**Work request**
Please restate every entry exactly. Leave out the pictures.

[Data extracted from a collection]
+ + + + + + +

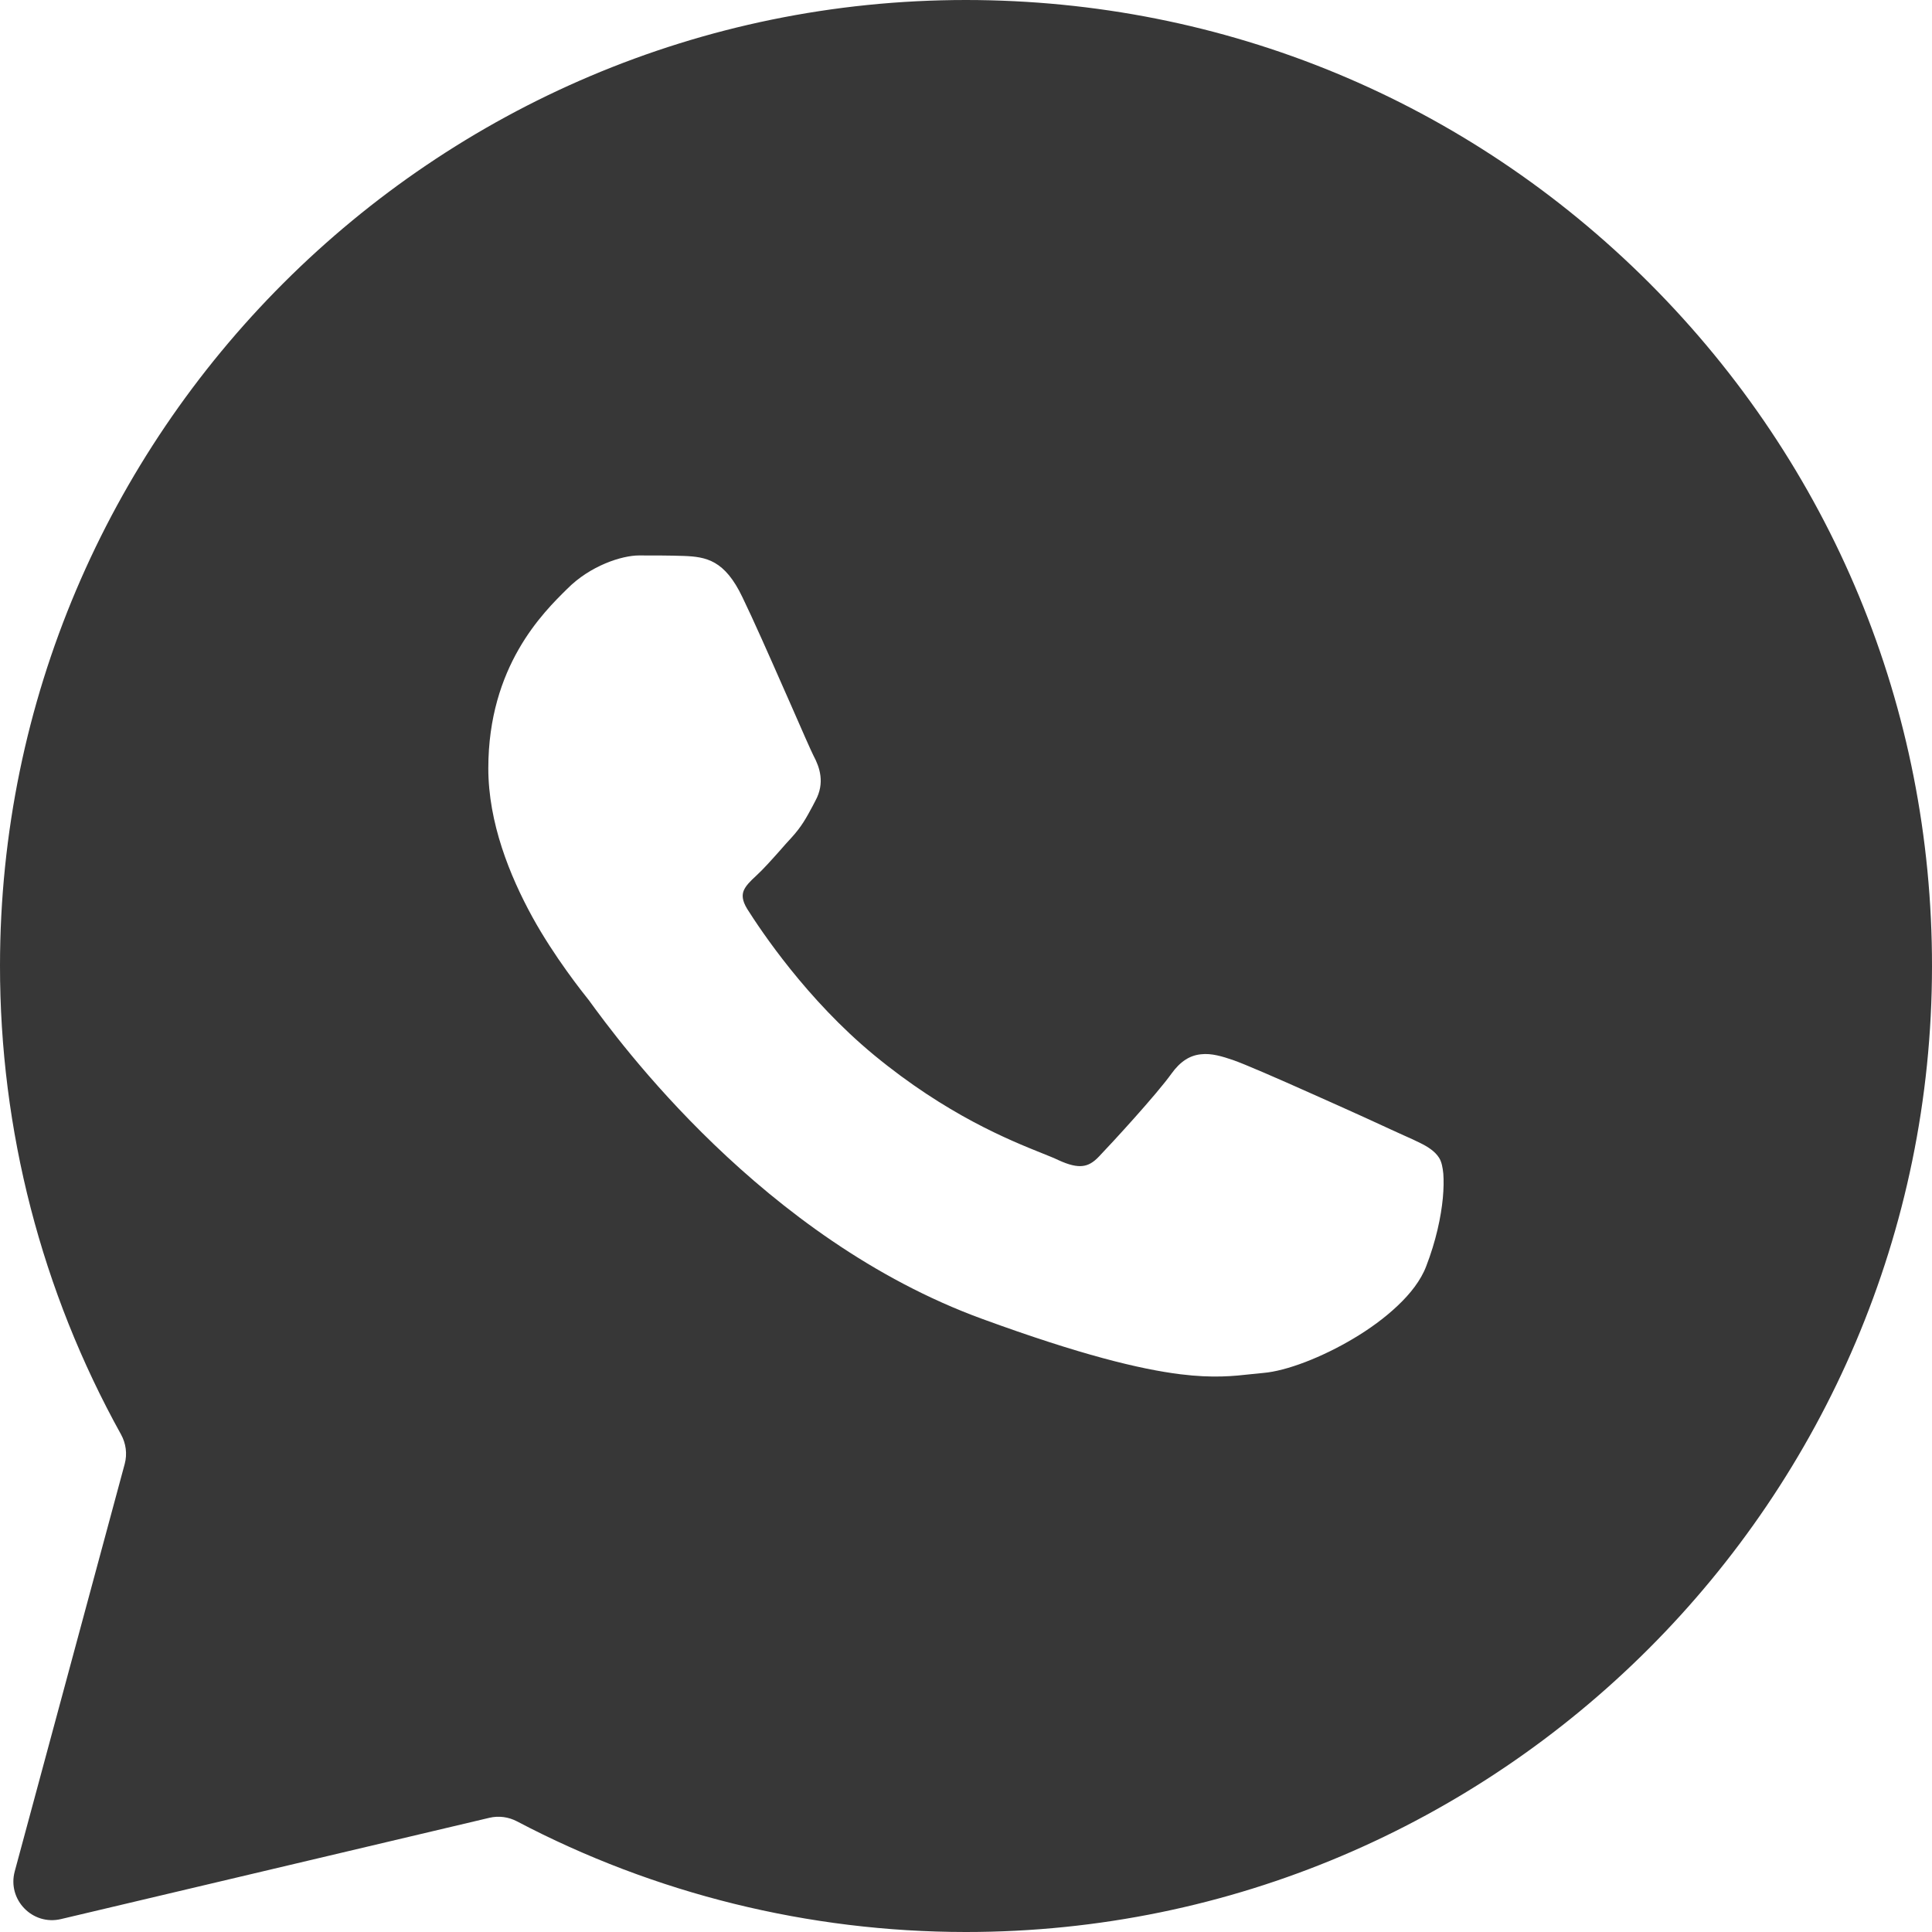 <svg width="16" height="16" viewBox="0 0 16 16" fill="none" xmlns="http://www.w3.org/2000/svg">
<g clip-path="url(#clip0_1106_10544)">
<path fill-rule="evenodd" clip-rule="evenodd" d="M8 0C10.14 0.001 12.149 0.834 13.66 2.345C15.17 3.857 16.002 5.866 16 8.004C15.998 12.412 12.409 16 8 16H7.996C6.698 15.999 5.423 15.684 4.282 15.084C4.212 15.047 4.131 15.036 4.054 15.054L0.505 15.893C0.269 15.949 0.059 15.732 0.122 15.498L1.033 12.123C1.055 12.04 1.043 11.953 1.002 11.879C0.345 10.694 -0.001 9.361 1.29874e-06 7.996C0.002 3.587 3.591 0 8 0ZM6.491 5.704C6.371 5.431 6.235 5.124 6.149 4.947C6.002 4.638 5.849 4.611 5.661 4.604C5.548 4.6 5.419 4.6 5.293 4.6H5.292C5.15 4.6 4.888 4.684 4.697 4.877C4.497 5.074 4.044 5.518 4.044 6.363C4.044 6.814 4.222 7.253 4.407 7.591C4.591 7.926 4.827 8.221 4.878 8.285C5.116 8.612 6.315 10.26 8.138 10.924C8.948 11.22 9.44 11.339 9.775 11.381C10.049 11.415 10.219 11.396 10.364 11.38L10.364 11.38C10.398 11.377 10.431 11.373 10.463 11.37C10.653 11.354 10.946 11.242 11.209 11.085C11.342 11.006 11.47 10.913 11.575 10.813C11.68 10.714 11.767 10.603 11.811 10.487C11.893 10.275 11.934 10.077 11.949 9.922C11.956 9.844 11.957 9.776 11.953 9.721C11.948 9.67 11.939 9.62 11.917 9.587C11.883 9.534 11.825 9.497 11.762 9.466C11.723 9.446 11.676 9.425 11.624 9.402L11.624 9.402L11.624 9.402C11.592 9.388 11.558 9.372 11.523 9.356C11.48 9.336 11.4 9.3 11.301 9.254C11.176 9.197 11.019 9.127 10.862 9.057C10.583 8.932 10.3 8.809 10.209 8.778C10.123 8.749 10.033 8.721 9.947 8.731C9.853 8.74 9.774 8.791 9.702 8.891C9.578 9.064 9.215 9.459 9.102 9.577C9.053 9.629 9.011 9.651 8.966 9.656C8.918 9.662 8.855 9.649 8.764 9.607C8.731 9.591 8.686 9.573 8.631 9.551C8.359 9.442 7.84 9.233 7.239 8.738C6.679 8.276 6.3 7.704 6.189 7.529C6.143 7.455 6.146 7.409 6.159 7.376C6.176 7.335 6.212 7.299 6.262 7.253C6.322 7.198 6.392 7.119 6.459 7.044L6.459 7.044C6.491 7.007 6.523 6.971 6.553 6.939C6.64 6.844 6.679 6.77 6.728 6.679C6.736 6.664 6.744 6.648 6.753 6.631C6.833 6.484 6.789 6.355 6.737 6.258C6.719 6.223 6.643 6.051 6.548 5.833L6.491 5.704Z" fill="#373737"/>
</g>
<defs>
<clipPath id="clip0_1106_10544">
<rect width="16" height="16" fill="white"/>
</clipPath>
</defs>
</svg>
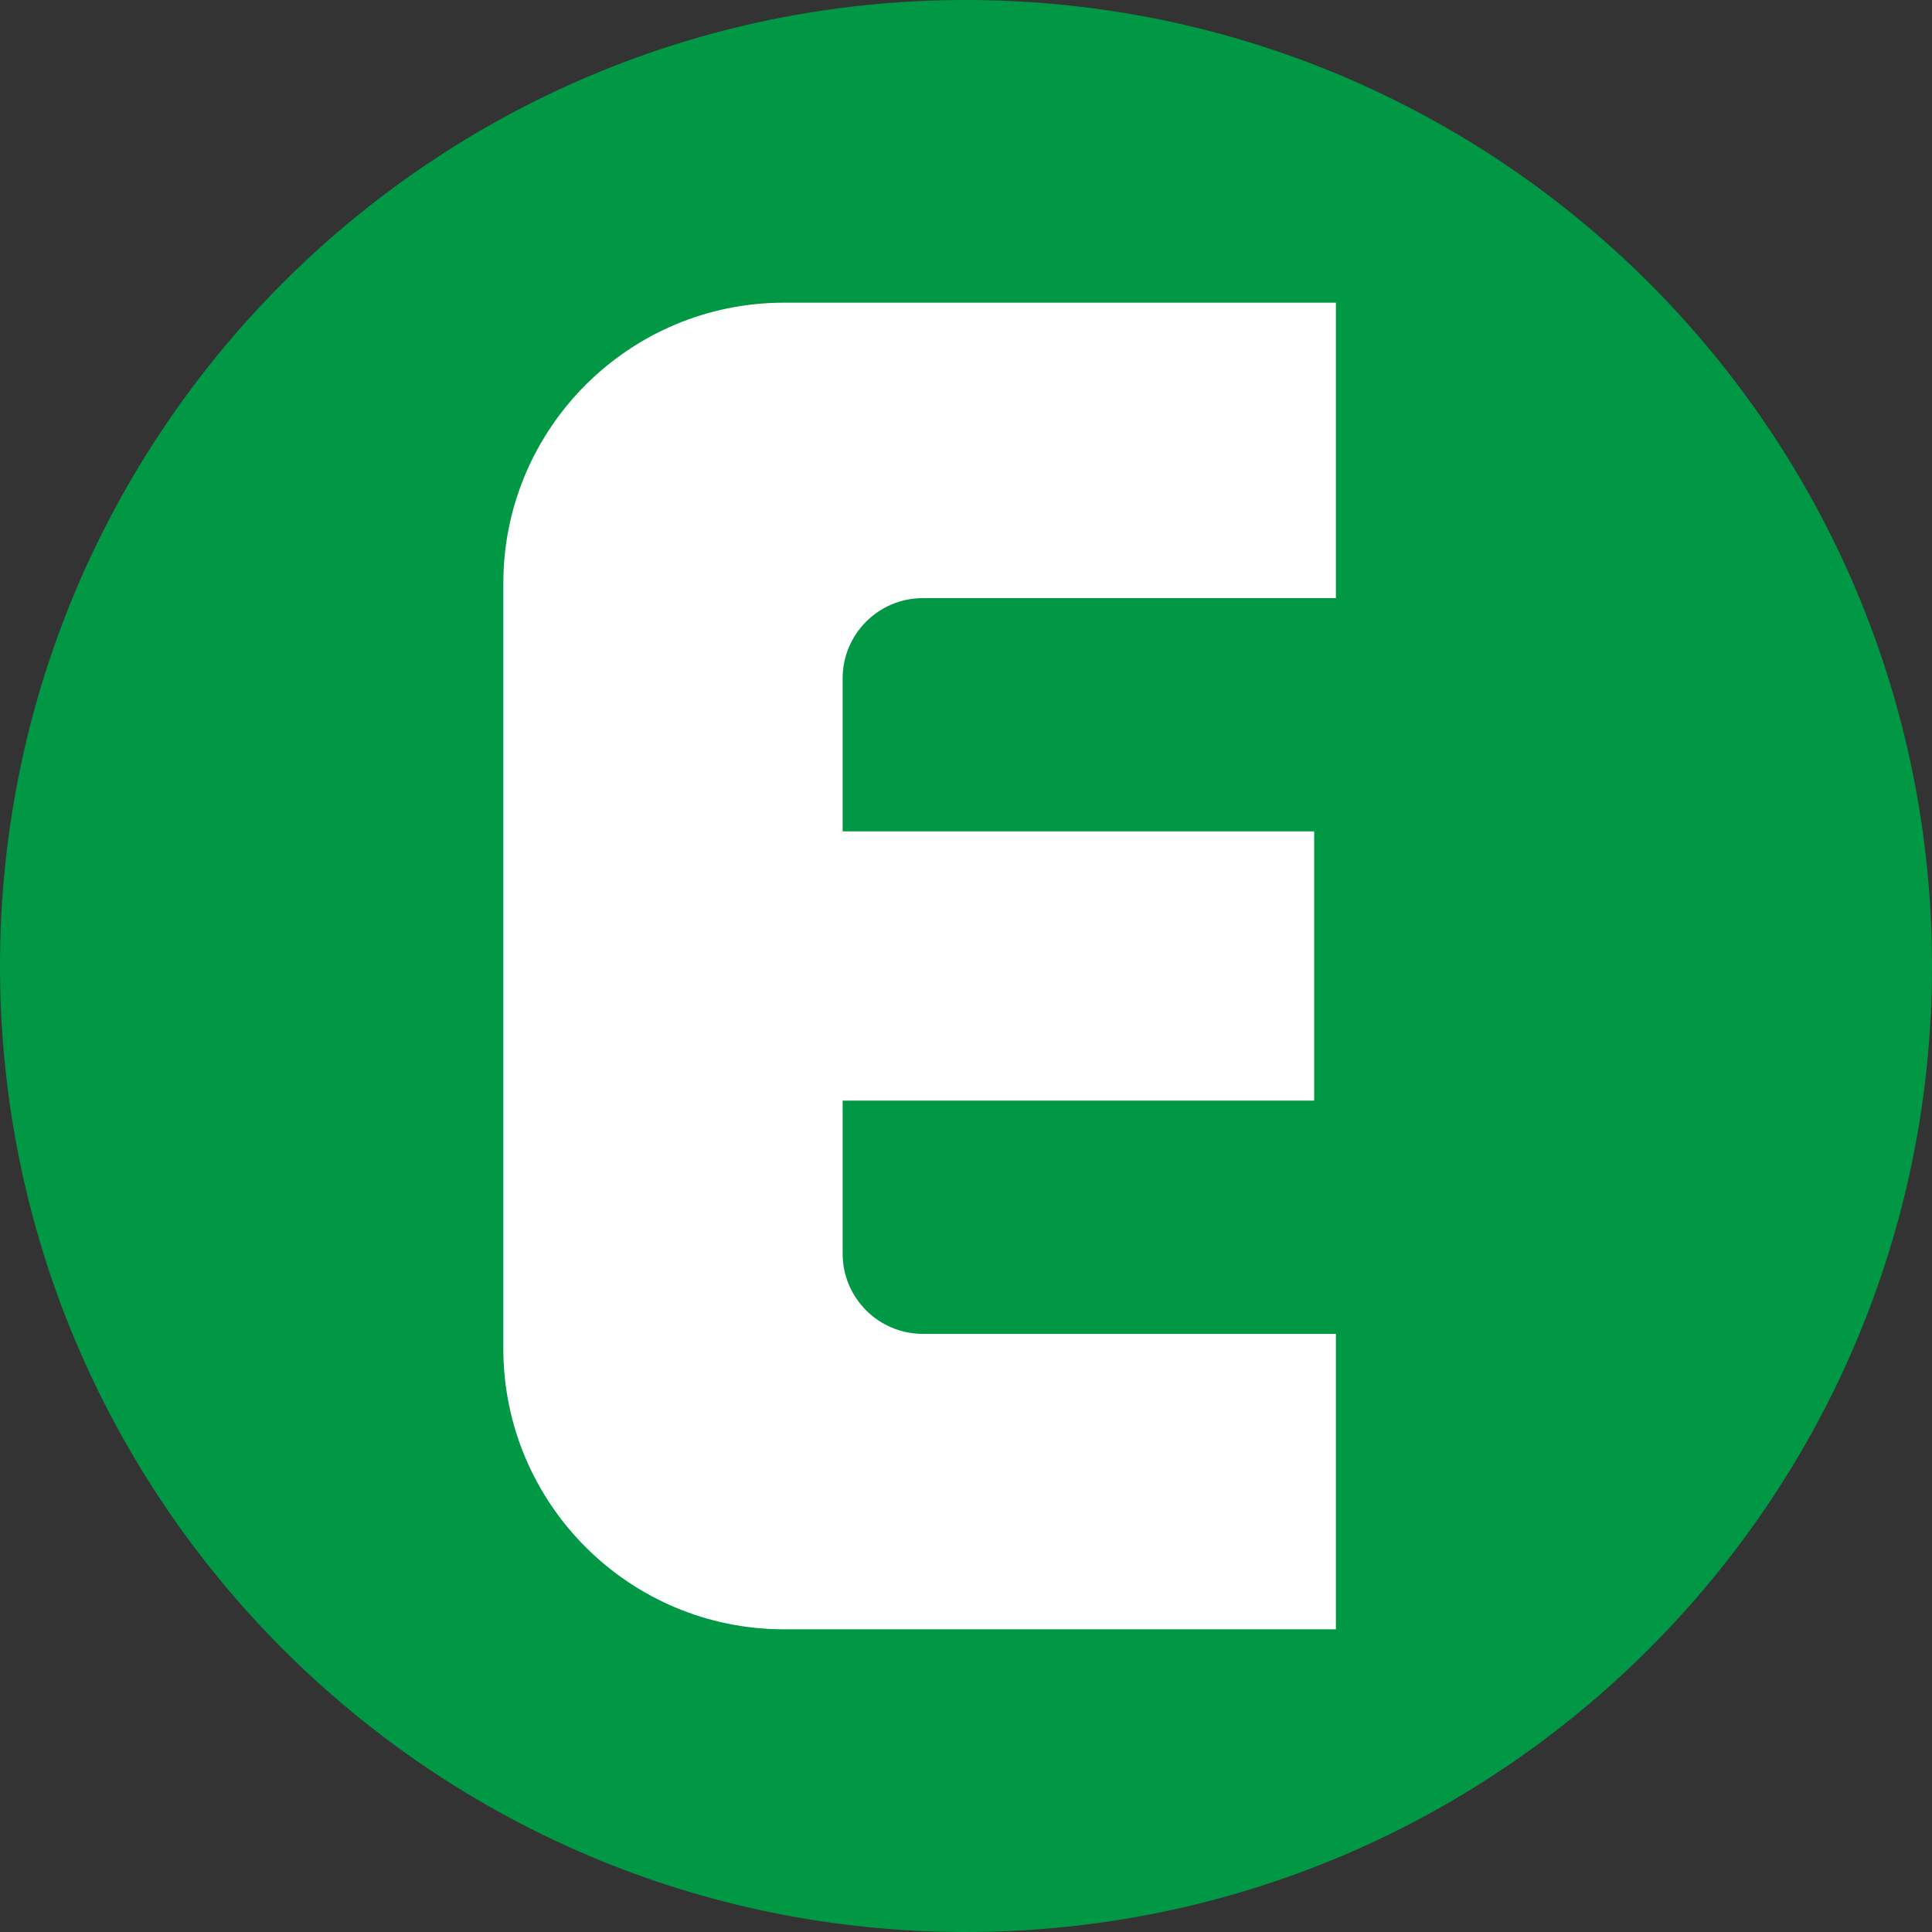 <?xml version="1.0" encoding="UTF-8"?><svg id="b" xmlns="http://www.w3.org/2000/svg" viewBox="0 0 96 96"><rect x="0" y="0" width="96" height="96" fill="#333333" stroke="none"/><path d="M47.98,0C21.48,0,0,21.49,0,48s21.48,48,47.98,48,48.02-21.49,48.02-48S74.51,0,47.98,0" fill="#009844"/><path d="M66.38,29.72v-14.68h-27.42c-7.7,0-13.95,6.25-13.95,13.95v38.02c0,7.7,6.25,13.95,13.95,13.95h27.42v-14.68h-20.52c-2.2,0-3.99-1.78-3.99-3.99v-7.6h23.43v-13.38h-23.43v-7.6c0-2.2,1.78-3.99,3.99-3.99h20.52Z" fill="#fff"/></svg>

+ + + + + + +

**Response**
 <svg width="16" height="16" viewBox="0 0 16 16" fill="none" xmlns="http://www.w3.org/2000/svg">
<g clip-path="url(#clip0_1106_10544)">
<path fill-rule="evenodd" clip-rule="evenodd" d="M8 0C10.14 0.001 12.149 0.834 13.66 2.345C15.17 3.857 16.002 5.866 16 8.004C15.998 12.412 12.409 16 8 16H7.996C6.698 15.999 5.423 15.684 4.282 15.084C4.212 15.047 4.131 15.036 4.054 15.054L0.505 15.893C0.269 15.949 0.059 15.732 0.122 15.498L1.033 12.123C1.055 12.04 1.043 11.953 1.002 11.879C0.345 10.694 -0.001 9.361 1.29874e-06 7.996C0.002 3.587 3.591 0 8 0ZM6.491 5.704C6.371 5.431 6.235 5.124 6.149 4.947C6.002 4.638 5.849 4.611 5.661 4.604C5.548 4.6 5.419 4.6 5.293 4.6H5.292C5.15 4.6 4.888 4.684 4.697 4.877C4.497 5.074 4.044 5.518 4.044 6.363C4.044 6.814 4.222 7.253 4.407 7.591C4.591 7.926 4.827 8.221 4.878 8.285C5.116 8.612 6.315 10.26 8.138 10.924C8.948 11.22 9.44 11.339 9.775 11.381C10.049 11.415 10.219 11.396 10.364 11.38L10.364 11.38C10.398 11.377 10.431 11.373 10.463 11.37C10.653 11.354 10.946 11.242 11.209 11.085C11.342 11.006 11.47 10.913 11.575 10.813C11.68 10.714 11.767 10.603 11.811 10.487C11.893 10.275 11.934 10.077 11.949 9.922C11.956 9.844 11.957 9.776 11.953 9.721C11.948 9.67 11.939 9.62 11.917 9.587C11.883 9.534 11.825 9.497 11.762 9.466C11.723 9.446 11.676 9.425 11.624 9.402L11.624 9.402L11.624 9.402C11.592 9.388 11.558 9.372 11.523 9.356C11.48 9.336 11.4 9.3 11.301 9.254C11.176 9.197 11.019 9.127 10.862 9.057C10.583 8.932 10.3 8.809 10.209 8.778C10.123 8.749 10.033 8.721 9.947 8.731C9.853 8.74 9.774 8.791 9.702 8.891C9.578 9.064 9.215 9.459 9.102 9.577C9.053 9.629 9.011 9.651 8.966 9.656C8.918 9.662 8.855 9.649 8.764 9.607C8.731 9.591 8.686 9.573 8.631 9.551C8.359 9.442 7.84 9.233 7.239 8.738C6.679 8.276 6.3 7.704 6.189 7.529C6.143 7.455 6.146 7.409 6.159 7.376C6.176 7.335 6.212 7.299 6.262 7.253C6.322 7.198 6.392 7.119 6.459 7.044L6.459 7.044C6.491 7.007 6.523 6.971 6.553 6.939C6.64 6.844 6.679 6.77 6.728 6.679C6.736 6.664 6.744 6.648 6.753 6.631C6.833 6.484 6.789 6.355 6.737 6.258C6.719 6.223 6.643 6.051 6.548 5.833L6.491 5.704Z" fill="#373737"/>
</g>
<defs>
<clipPath id="clip0_1106_10544">
<rect width="16" height="16" fill="white"/>
</clipPath>
</defs>
</svg>
 <?xml version="1.0" encoding="UTF-8"?><svg id="b" xmlns="http://www.w3.org/2000/svg" viewBox="0 0 96 96"><rect x="0" y="0" width="96" height="96" fill="#333333" stroke="none"/><path d="M47.98,0C21.48,0,0,21.49,0,48s21.48,48,47.98,48,48.02-21.49,48.02-48S74.51,0,47.98,0" fill="#009844"/><path d="M66.38,29.72v-14.68h-27.42c-7.7,0-13.95,6.25-13.95,13.95v38.02c0,7.7,6.25,13.95,13.95,13.95h27.42v-14.68h-20.52c-2.2,0-3.99-1.78-3.99-3.99v-7.6h23.43v-13.38h-23.43v-7.6c0-2.2,1.78-3.99,3.99-3.99h20.52Z" fill="#fff"/></svg>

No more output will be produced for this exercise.